Safe-named anon fields (the overwhelming majority): unchanged. Same bytecode, same typed-field access, same perf.
Non-safe-named anon fields: now go through the _hx_fields HashMap instead of a typed field. A small access-cost increase (map lookup vs getfield), but they're already a slow, reflective-style path in practice, and they now actually dex.
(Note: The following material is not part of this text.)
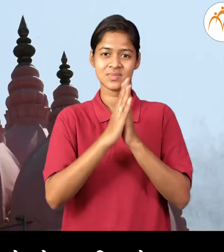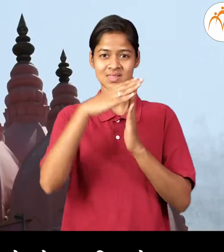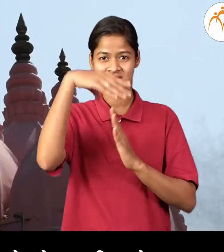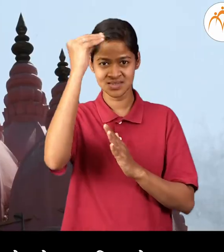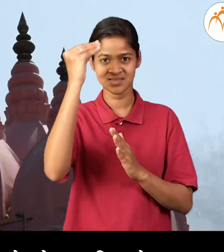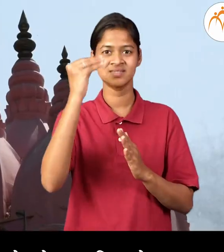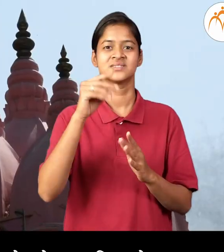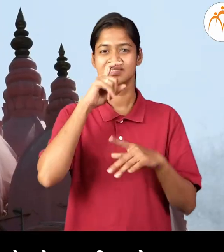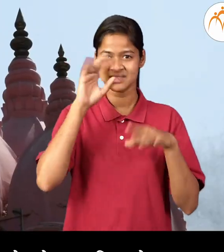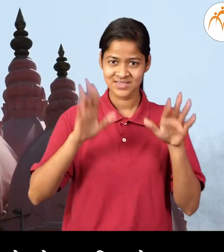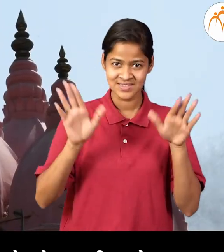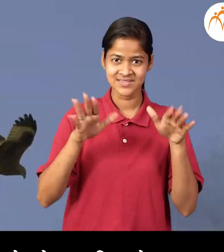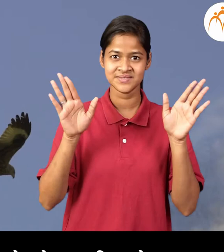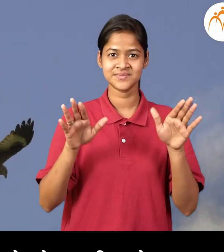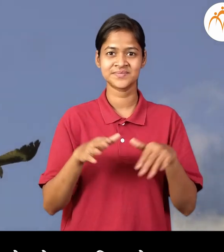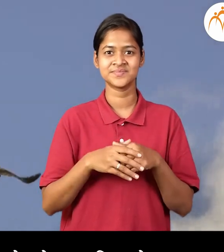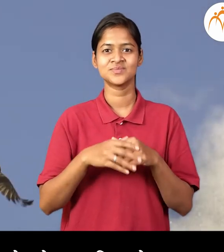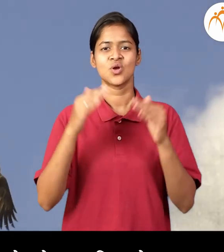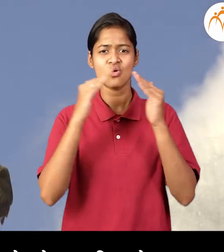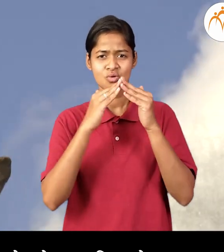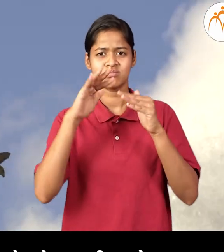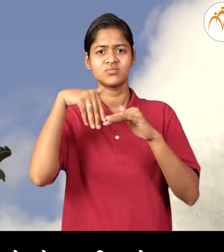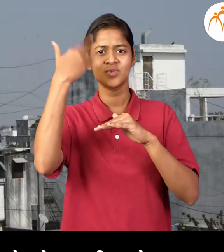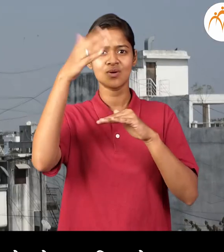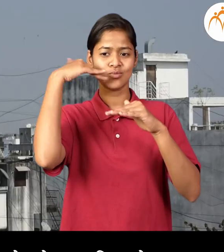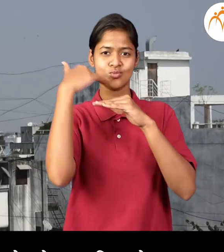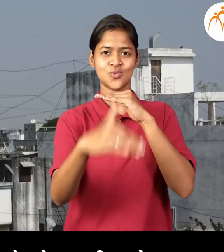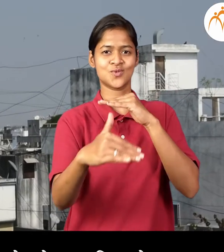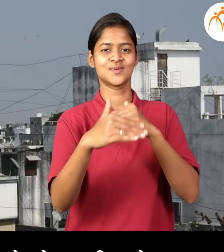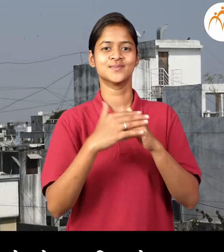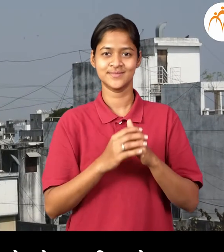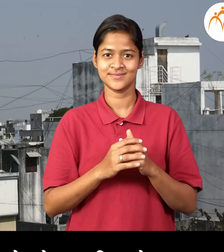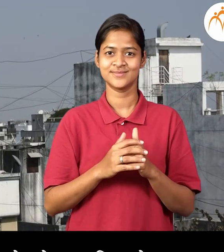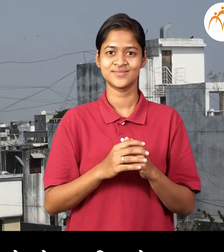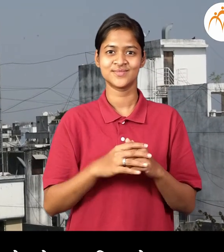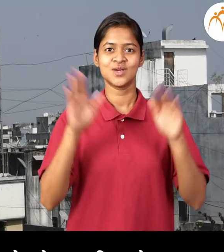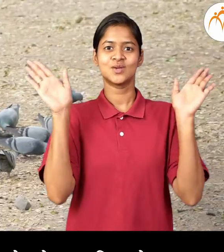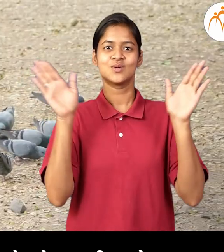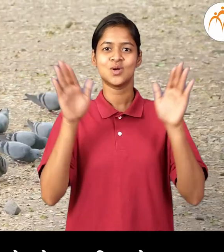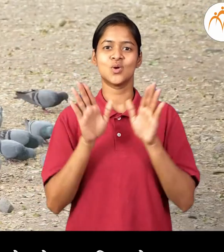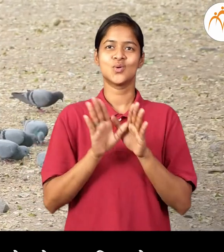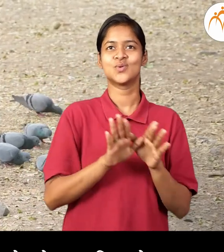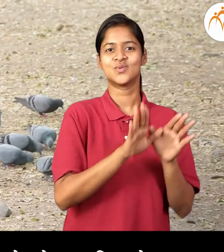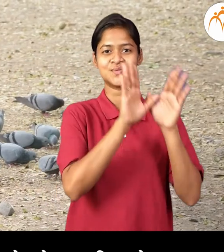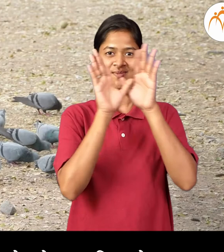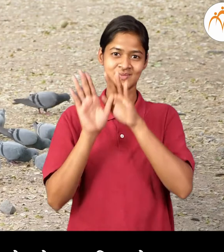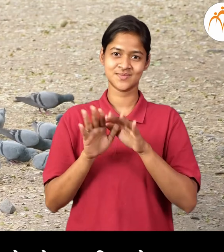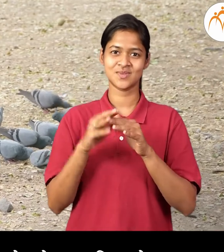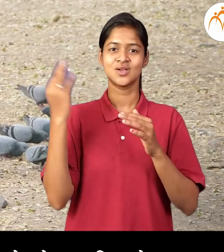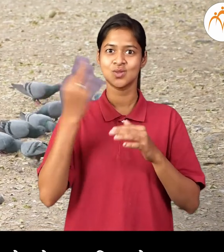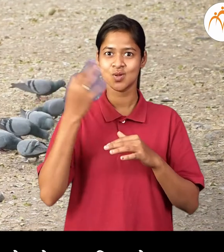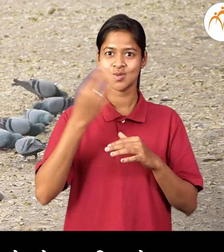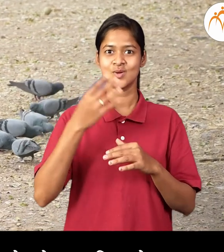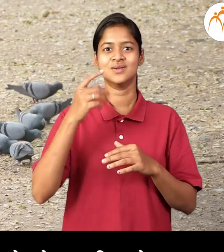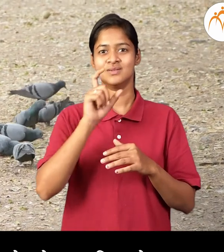कडस, घार, गच्ची, थवा, हे

2. an overload closure issue was detected, related to StringBuf.add overloads

Why the bug existed

At -D jvm.dynamic-level=2, generate_dynamic_access builds the _hx_getField dispatch switch by walking c.cl_ordered_fields and emitting one case per Haxe field. When several Haxe fields share a JVM name — typical with @:overload @:native("foo") (e.g. StringBuf.add and its specialised addOpt siblings) — they all reach the case-builder with the same name but different signatures.

Two consequences:

The switch ended up with multiple cases all testing the same string (the second one onward is dead code, since the first match always wins).
Each case called create_field_closure, which spawns a closure class named purely from (target_path, name) — no signature component. Different signatures → different class bytecode → same class path. Both classes were written to the jar under the identical entry name, and the later write silently overwrote the earlier one in the central directory.

The JVM tolerates duplicate jar entries (one variant wins at load time, the other's bytecode is dead), which is why this never crashed in practice — the lost variant is typically a primitive-specialised invoke(boolean) that most call sites box around anyway. DEX is stricter: d8 rejects the jar outright, which is what surfaced the bug.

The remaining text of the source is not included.